**WHAT NEEDS TO BE DONE**
Each line that contains "begin" needs to be copied from the listing.

**DATA FOR REVIEW**
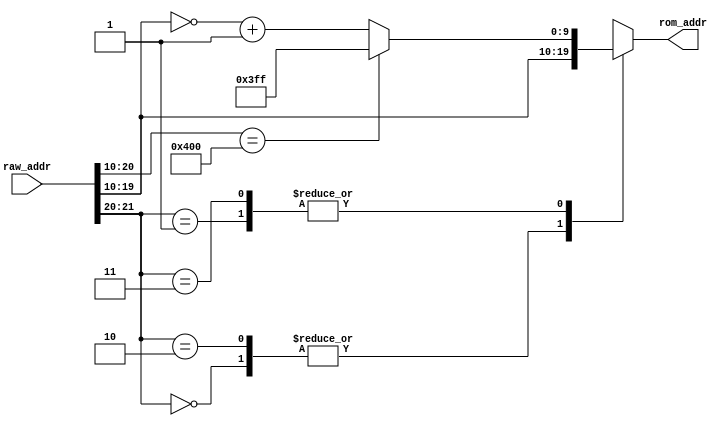
module address(raw_addr,rom_addr);
 input wire [21:0] raw_addr; 
 output reg [9:0] rom_addr; 
 always@(*) 
 begin  
  case(raw_addr[21:20])  2'b00:rom_addr<=raw_addr[19:10]; 2'b01:  if(raw_addr[20:10]==1024) rom_addr<=1023;
   else rom_addr<=(~raw_addr[19:10]+1); 2'b10:rom_addr<=raw_addr[19:10]; 2'b11:  if(raw_addr[20:10]==1024) rom_addr<=1023;
   else rom_addr<=(~raw_addr[19:10]+1); default:rom_addr<=10'b0; 
  endcase 
 end  
endmodule
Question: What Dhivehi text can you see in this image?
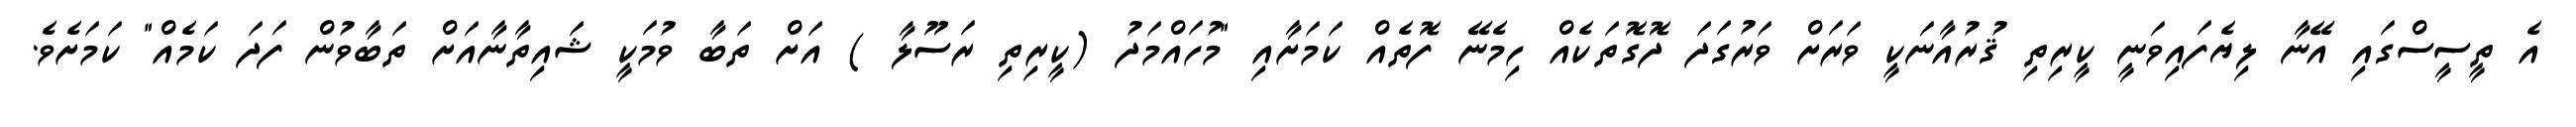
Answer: އެ ތީސީސްގައި އޭނާ ލިޔެފައިވަނީ ކީރިތި ޤުރުއާނަކީ ވަރަށް ވަރުގަދަ ދޮގޮތަކެއް ހިމެނޭ ފޮތެއް ކަމަށާއި "މުހައްމަދު (ކީރިތި ރަސޫލާ ) އަށް ތަބާ ވުމަކީ ޝައިތާނާއަށް ތަބާވުން ފަދަ ކަމެއް" ކަމަށެވެ.
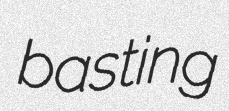
basting
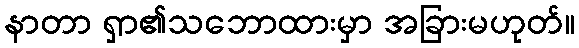
နာတာ ရှာ၏သဘောထားမှာ အခြားမဟုတ်။
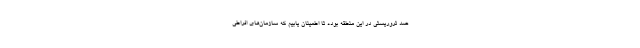
ضد تروریستی در این منطقه بوده تا اطمینان یابیم که سازمان‌های افراطی
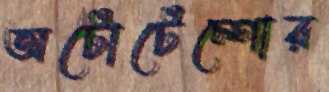
অটোটেম্পোর
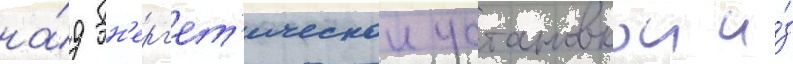
на́д эн'ерг'ет'ическои установкои и́з
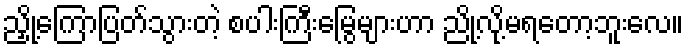
ညှို့ကြောပြတ်သွားတဲ့ စပါးကြီးမြွေများဟာ ညို့လို့မရတော့ဘူးလေ။
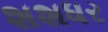
શશધર
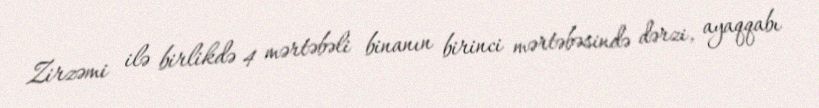
Zirzəmi ilə birlikdə 4 mərtəbəli binanın birinci mərtəbəsində dərzi, ayaqqabı
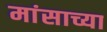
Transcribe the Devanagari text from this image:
मांसाच्या
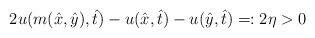
LaTeX: \begin{align*}2u(m(\hat{x}, \hat{y}), \hat{t})-u(\hat{x}, \hat{t})-u(\hat{y}, \hat{t}) =: 2\eta > 0\end{align*}
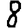
Digit: 8
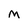
Character: M
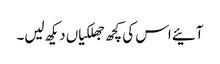
آئیے اس کی کچھ جھلکیاں دیکھ لیں۔
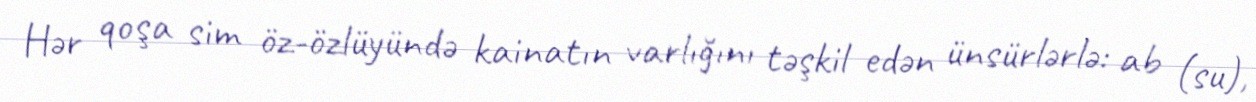
Hər qoşa sim öz-özlüyündə kainatın varlığını təşkil edən ünsürlərlə: ab (su),
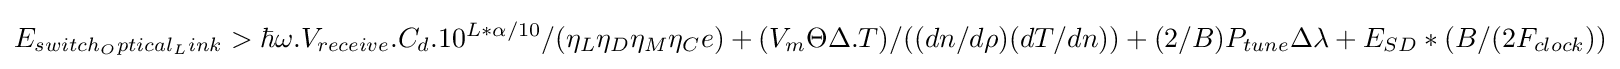
E_{switch_{O}ptical_{L}ink}>\hbar \omega .V_{receive}.C_{d}.10^{L*\alpha /10}/(\eta _{L}\eta _{D}\eta _{M}\eta _{C}e)+(V_{m}\Theta \Delta .T)/((dn/d\rho )(dT/dn))+(2/B)P_{tune}\Delta \lambda +E_{SD}*(B/(2F_{clock}))
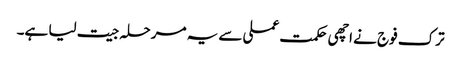
ترک فوج نے اچھی حکمت عملی سے یہ مرحلہ جیت لیا ہے۔
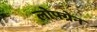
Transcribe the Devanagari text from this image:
लोफ्ग्रेन
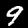
Digit: 9
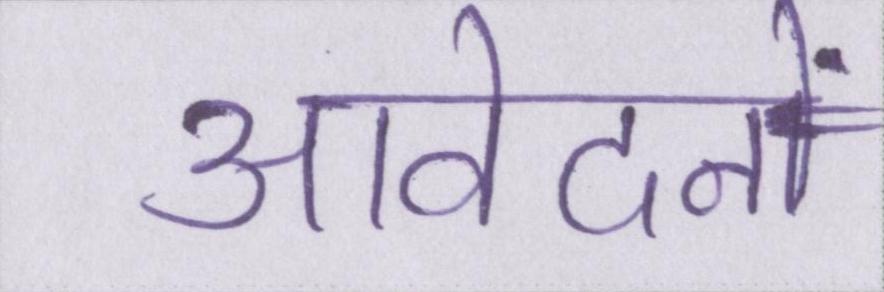
आवेदनों
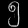
Digit: ၅
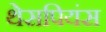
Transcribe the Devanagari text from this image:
थेसपियंस
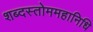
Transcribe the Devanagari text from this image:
शब्दस्तोममहानिधि
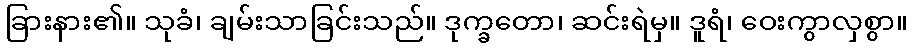
ခြားနား၏။ သုခံ၊ ချမ်းသာခြင်းသည်။ ဒုက္ခတော၊ ဆင်းရဲမှ။ ဒူရံ၊ ဝေးကွာလှစွာ။
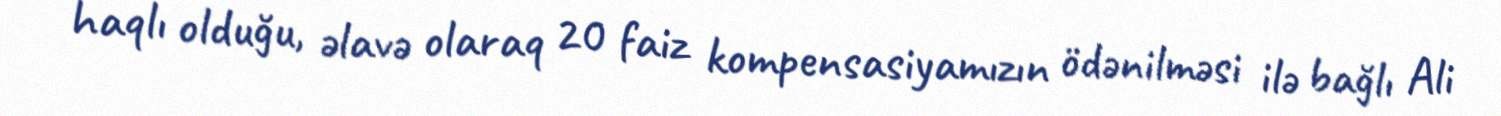
haqlı olduğu, əlavə olaraq 20 faiz kompensasiyamızın ödənilməsi ilə bağlı Ali
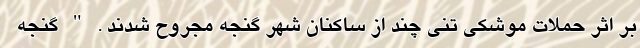
بر اثر حملات موشکی تنی چند از ساکنان شهر گنجه مجروح شدند . " گنجه
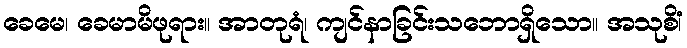
ခေမေ၊ ခေမာမိဖုရား။ အာတုရံ၊ ကျင်နာခြင်းသဘောရှိသော။ အသုစိံ၊
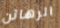
الرهائن
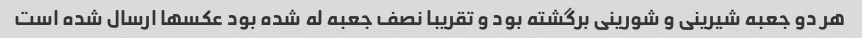
هر دو جعبه شیرینی و شورینی برگشته بود و تقریبا نصف جعبه له شده بود عکسها ارسال شده است
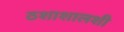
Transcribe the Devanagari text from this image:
ठशाशालशी
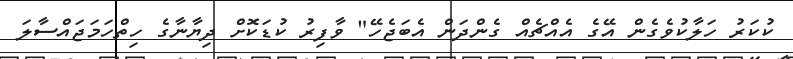
ކުކަރު ހަލާކުވެގެން އޭގެ އެއްޗެއް ގެންދަން އެބަޖެހޭ" ވާފިރު ކުޑަކޮށް ދިޔާނާގެ ހިތްހަމަޖައްސާލަ
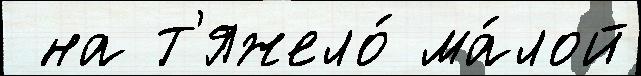
 на т'яжело́ ма́лой

**OUTPUT FOR THIS TASK**
 begin  
LaTeX: \begin{align*}2u(m(\hat{x}, \hat{y}), \hat{t})-u(\hat{x}, \hat{t})-u(\hat{y}, \hat{t}) =: 2\eta > 0\end{align*}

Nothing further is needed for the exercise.